The discipline of working backward from a known point. The five-bug feedback silence required a diagnostic practice that most engineering documentation never names explicitly: when you do not know where the system breaks, insert a known-good log line, observe what fires, and work backward from where it stops. This is not a debugging trick — it is a method for reasoning under uncertainty. The architecture that emerged from those five bugs is more legible precisely because every failure had to be fully understood before the next step was taken.
The plane separation principle. Perhaps the hardest architectural decision in the entire project was recognising that the AI inference plane and the user-facing plane should not share a process boundary, a failure domain, or a deployment lifecycle. Think of it as the difference between the kitchen and the dining room of a restaurant: patrons must never feel a fire in the kitchen, and a full dining room must never prevent the kitchen from cooking. The tunnel pattern achieves this separation cleanly — and does so without requiring the AI stack to move to the cloud, where it would cost money and lose access to the local GPU.

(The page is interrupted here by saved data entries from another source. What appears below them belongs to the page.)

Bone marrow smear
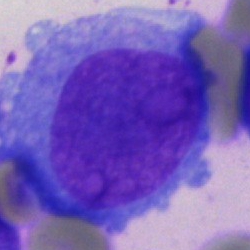Q: What cell is this?
A: A blast.
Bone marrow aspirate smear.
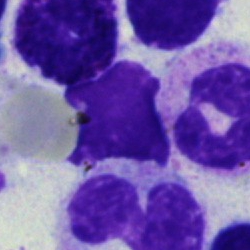Morphology → artefact.
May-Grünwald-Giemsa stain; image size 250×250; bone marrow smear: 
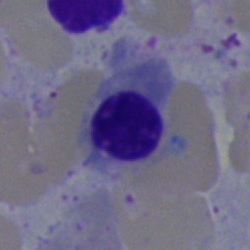
Morphological class — nucleated red blood cell.
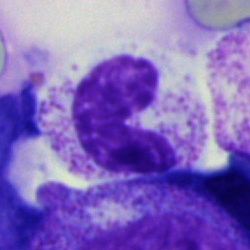
{"cell_type": "band-form neutrophil", "lineage": "myeloid"}
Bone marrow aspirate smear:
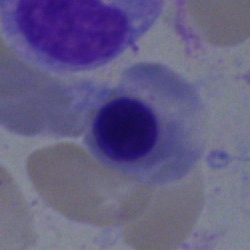 Morphology consistent with a nucleated red cell.
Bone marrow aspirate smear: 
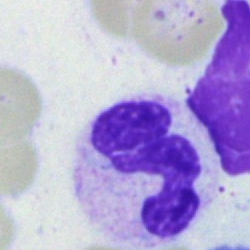
Specimen: bone marrow aspirate smear.
Classification: segmented neutrophil.
Lineage: myeloid.
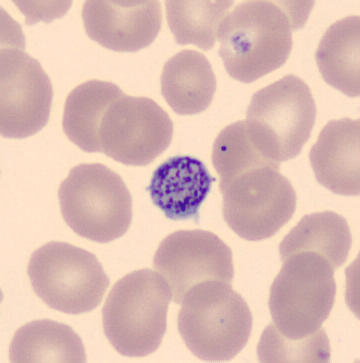 The cell type is thrombocyte. Image: Peripheral blood smear.
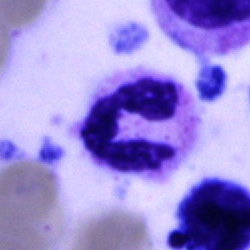
Segmented neutrophil.
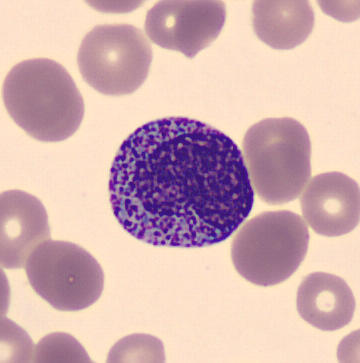

Identified as a promyelocyte.
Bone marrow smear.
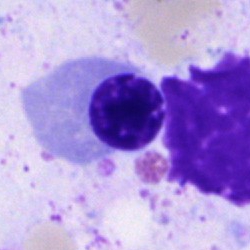

Cell type = erythroblast.
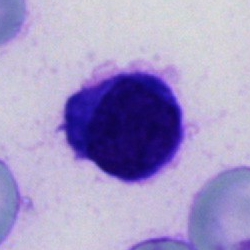 Morphology consistent with a cell of indeterminate lineage.
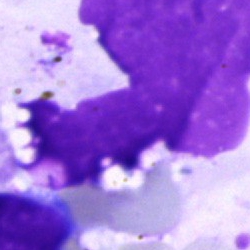 Single cell identified as an artefact.
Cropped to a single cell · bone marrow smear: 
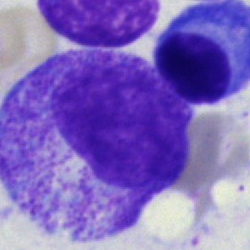

Q: What type of cell is this?
A: It is a myelocyte.
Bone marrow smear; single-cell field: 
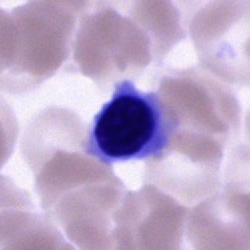
Classification — erythroblast.
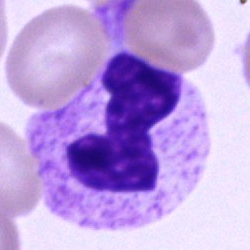Bone marrow aspirate smear, single cell — polymorphonuclear neutrophil.
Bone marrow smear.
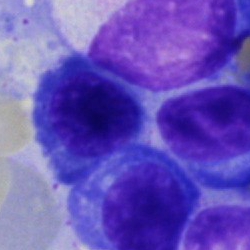Single cell identified as a normoblast.
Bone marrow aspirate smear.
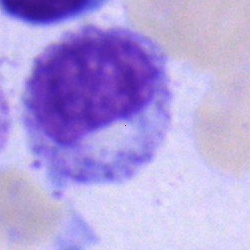 The cell type is myelocyte.
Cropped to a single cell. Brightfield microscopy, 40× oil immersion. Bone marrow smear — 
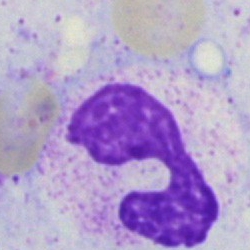

Classification: band-form neutrophil.
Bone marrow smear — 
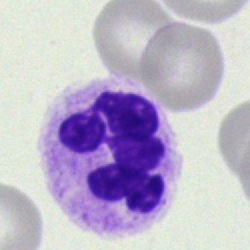 Cell — polymorphonuclear neutrophil.
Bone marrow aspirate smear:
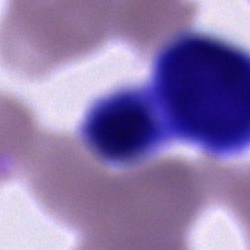
Cell = cell of indeterminate lineage.
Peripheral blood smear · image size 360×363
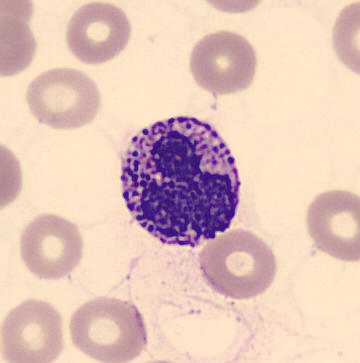Q: Which cell type is shown here?
A: A basophil.
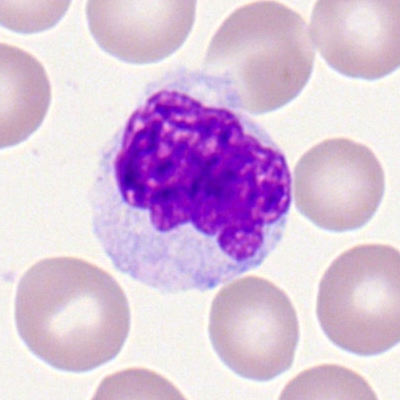

Classification — typical lymphocyte.
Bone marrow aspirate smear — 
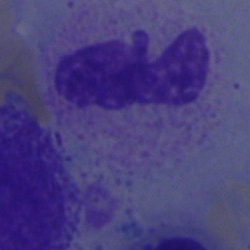Classification — neutrophil (segmented).
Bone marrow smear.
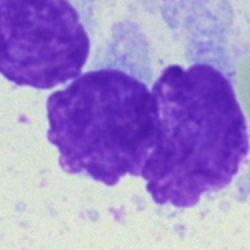
Single cell identified as an artefact.
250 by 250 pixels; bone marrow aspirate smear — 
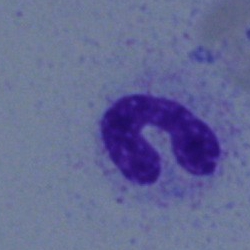
Single cell identified as a band-form neutrophil.
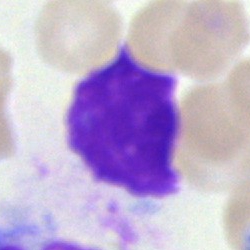Q: What is shown here?
A: An artefact.
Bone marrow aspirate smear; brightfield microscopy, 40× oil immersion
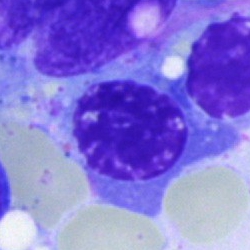

Morphology — nucleated red cell.
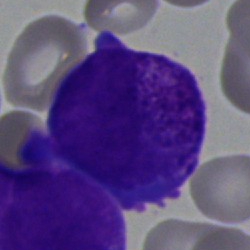

Q: What cell is this?
A: This is an undifferentiated blast.
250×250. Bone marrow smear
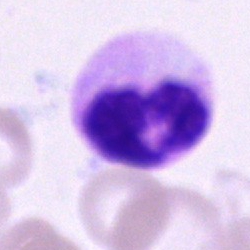

This is a segmented neutrophil.
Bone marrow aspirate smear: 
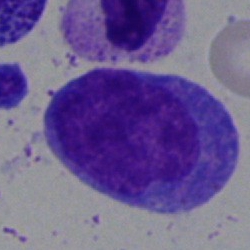{"cell_type": "promyelocyte"}
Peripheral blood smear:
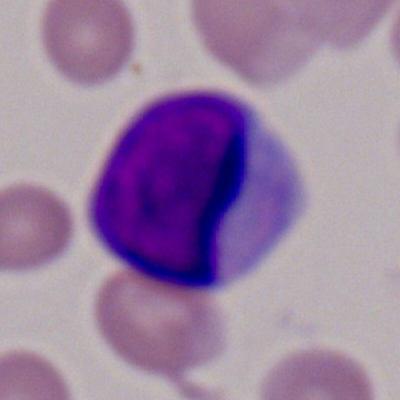 Q: What type of cell is this?
A: It is a myeloid blast.
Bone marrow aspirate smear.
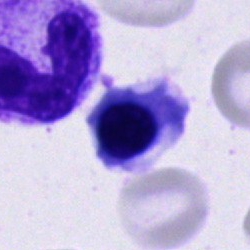 Specimen: bone marrow smear.
Morphological class: neutrophil (band).
Lineage: myeloid.
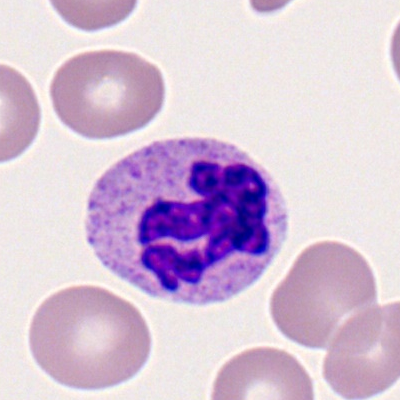
Neutrophil (segmented).
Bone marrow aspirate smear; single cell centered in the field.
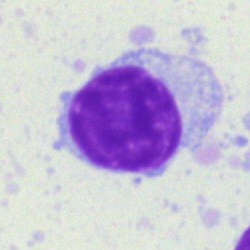 Morphology consistent with a lymphocyte.
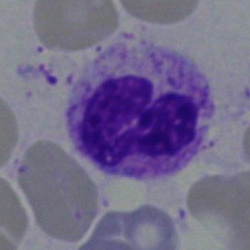 Specimen: bone marrow aspirate smear.
Cell: band neutrophil.
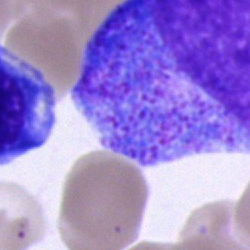 Classification = promyelocyte.
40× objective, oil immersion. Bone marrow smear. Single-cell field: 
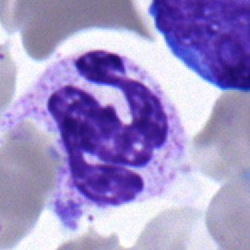 The cell type is segmented neutrophil.
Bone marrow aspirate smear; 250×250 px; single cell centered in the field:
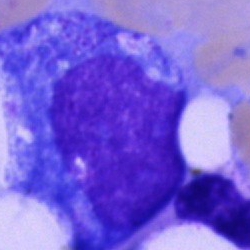
A promyelocyte.
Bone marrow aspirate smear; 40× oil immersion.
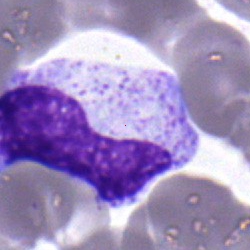

The cell shown is a band neutrophil.
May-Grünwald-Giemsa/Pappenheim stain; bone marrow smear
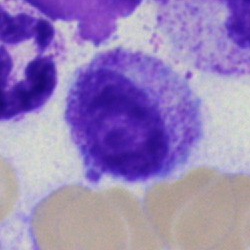Cell = myelocyte.
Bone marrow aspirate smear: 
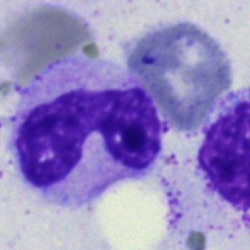 Q: What is shown here?
A: Band-form neutrophil.
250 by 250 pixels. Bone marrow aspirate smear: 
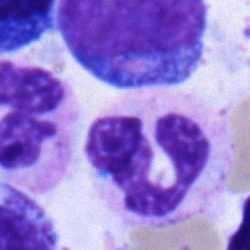This is a blast.
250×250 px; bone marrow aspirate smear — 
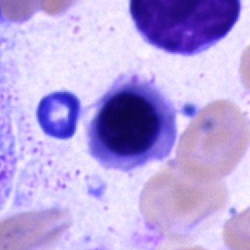
Morphological class = normoblast.
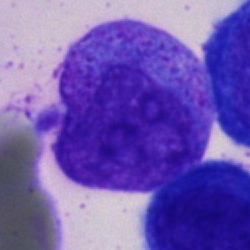
Classification: promyelocyte.
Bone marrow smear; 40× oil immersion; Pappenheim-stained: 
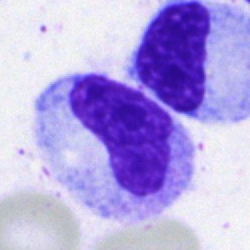 Q: What is the morphological classification of this cell?
A: It is a band-form neutrophil.
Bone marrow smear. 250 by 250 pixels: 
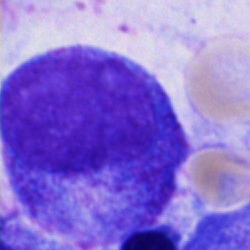Showing a progranulocyte.
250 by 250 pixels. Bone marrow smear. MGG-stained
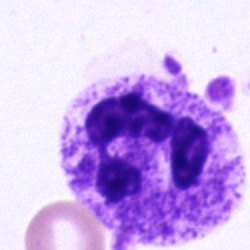Morphology → segmented neutrophil.
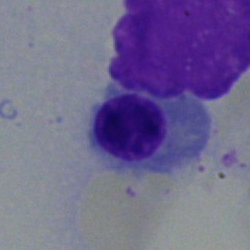
A normoblast.
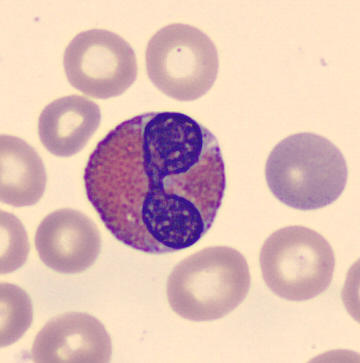

Image: Single-cell crop · peripheral blood film.

Classification = eosinophilic granulocyte.
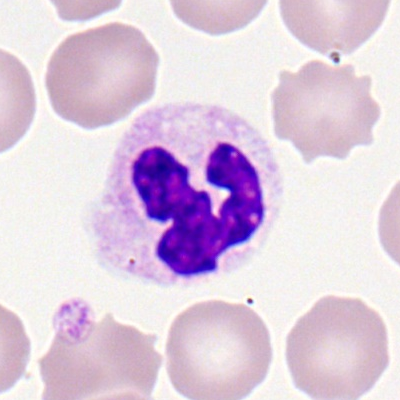
Specimen: peripheral blood film.
Morphological class: neutrophil (segmented).
Lineage: myeloid.
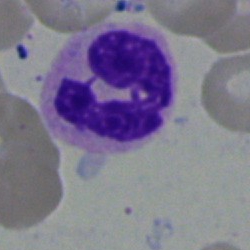

Q: Identify the cell.
A: It is a segmented neutrophil.
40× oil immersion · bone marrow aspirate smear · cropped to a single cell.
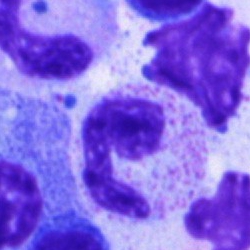Q: What is shown here?
A: A segmented neutrophil.
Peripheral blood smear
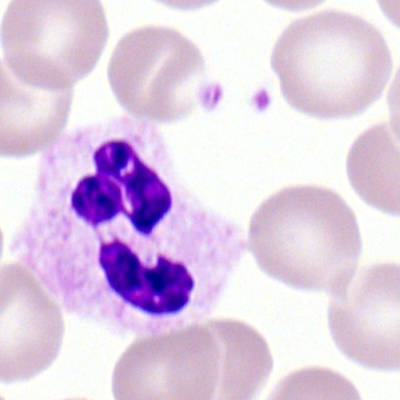
Morphological class = neutrophil (segmented).
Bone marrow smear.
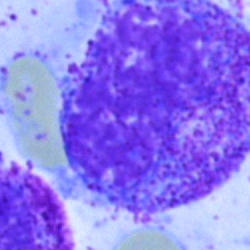

Impression — myelocyte.
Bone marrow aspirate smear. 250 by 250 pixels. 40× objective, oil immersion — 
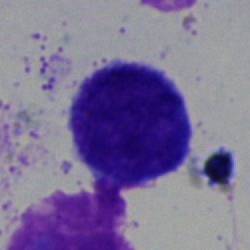The cell shown is a lymphocyte.
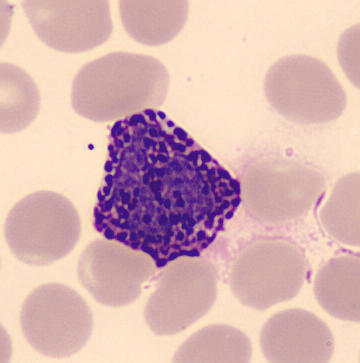Peripheral blood film, single cell — basophilic granulocyte.
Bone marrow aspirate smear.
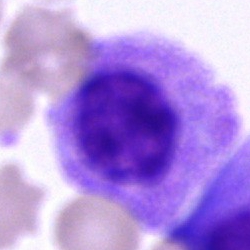
Cell of indeterminate lineage.
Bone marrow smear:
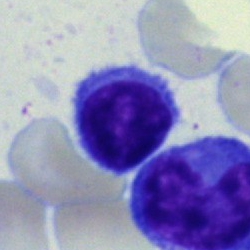
This is a typical lymphocyte.
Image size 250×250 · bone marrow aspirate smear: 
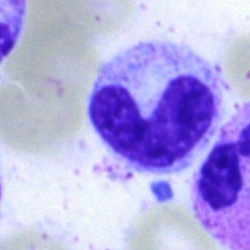The cell type is stab cell.
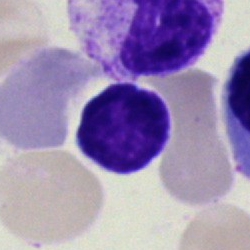

Single-cell crop from a bone marrow smear: lymphocyte.
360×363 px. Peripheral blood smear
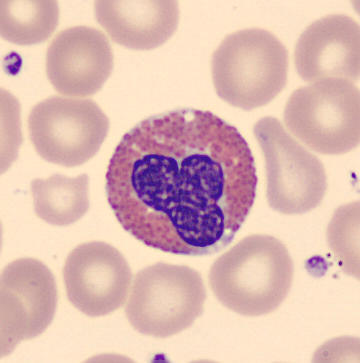
Showing an eosinophil.
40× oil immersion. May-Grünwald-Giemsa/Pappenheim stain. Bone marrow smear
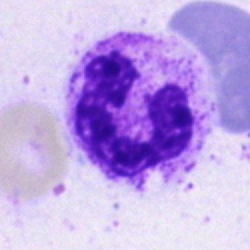 Q: What is the morphological classification of this cell?
A: This is a polymorphonuclear neutrophil.
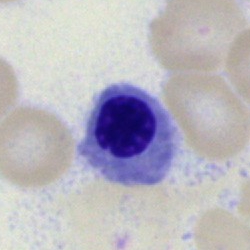Q: What is shown here?
A: Normoblast.
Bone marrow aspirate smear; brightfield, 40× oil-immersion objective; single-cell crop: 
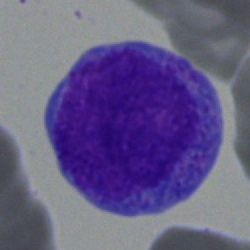

The cell shown is a progranulocyte.
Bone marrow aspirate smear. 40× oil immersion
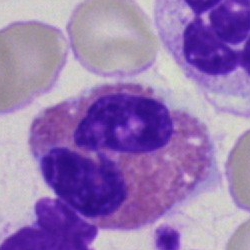
{"cell_type": "eosinophilic granulocyte"}
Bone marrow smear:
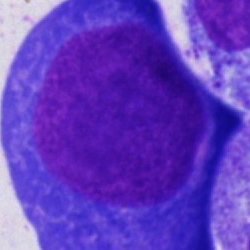Q: What is shown here?
A: It is a pronormoblast.
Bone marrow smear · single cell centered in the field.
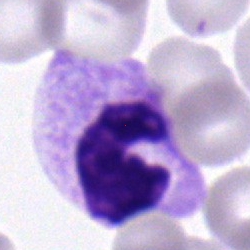 Morphology — band-form neutrophil.
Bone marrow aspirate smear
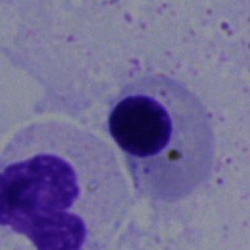

Q: What is shown here?
A: Normoblast.
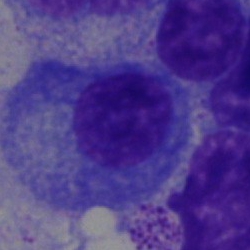

Q: What cell is this?
A: A plasma cell.
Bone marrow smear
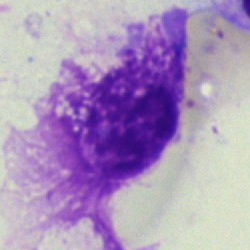

Classification: artefact.
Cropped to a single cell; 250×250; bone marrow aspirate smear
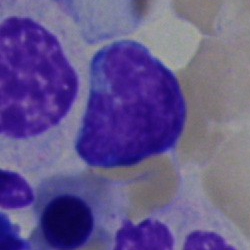 Specimen: bone marrow aspirate smear.
Morphological class: lymphocyte.

Schema as product thinking. The D1 schema was designed before a single line of worker code was written. The quiz_configs 4-scope hierarchy, the review_log analytics foundation, the learner_channel_prefs multi-channel support — these were not afterthoughts bolted on when a feature demanded them. They were intentional product decisions expressed in SQL, which meant every subsequent feature had a home before it was built. The schema was the product roadmap.
Iterative design grounded in actual failure. Each iteration in this project was driven not by hypothetical futures but by a specific, observable breakdown in the present version. The domain classifier returned nonsense — so the classification architecture changed. The feedback loop fired silently — so the async patterns changed. The monolith hit five hard limits simultaneously — so the entire deployment model changed. The system that exists at the end of ten days is the residue of those failures. To put this differently: the design was not planned; it was earned.
What Comes Next
The system is ready to deploy. The Cloudflare Workers infrastructure is tested, the local compose stack runs on Mac and Pi 5, and the admin dashboard covers the full operational surface. What remains is moving from local branches to a live deployment — running wrangler deploy for each worker, applying D1 migrations to production, and setting Cloudflare Access on the admin UI.
Beyond deployment: the review_log has been accumulating rating events since the first session. The depth/range metrics infrastructure — daily snapshots of concept coverage, mastery vectors, domain grasp scores — is wired. The first real analytics question — which concepts is a given learner weakest on, and which cross-domain intersections are underexplored? — has all the data it needs to be answered.
The tutor is ready. The learner is next.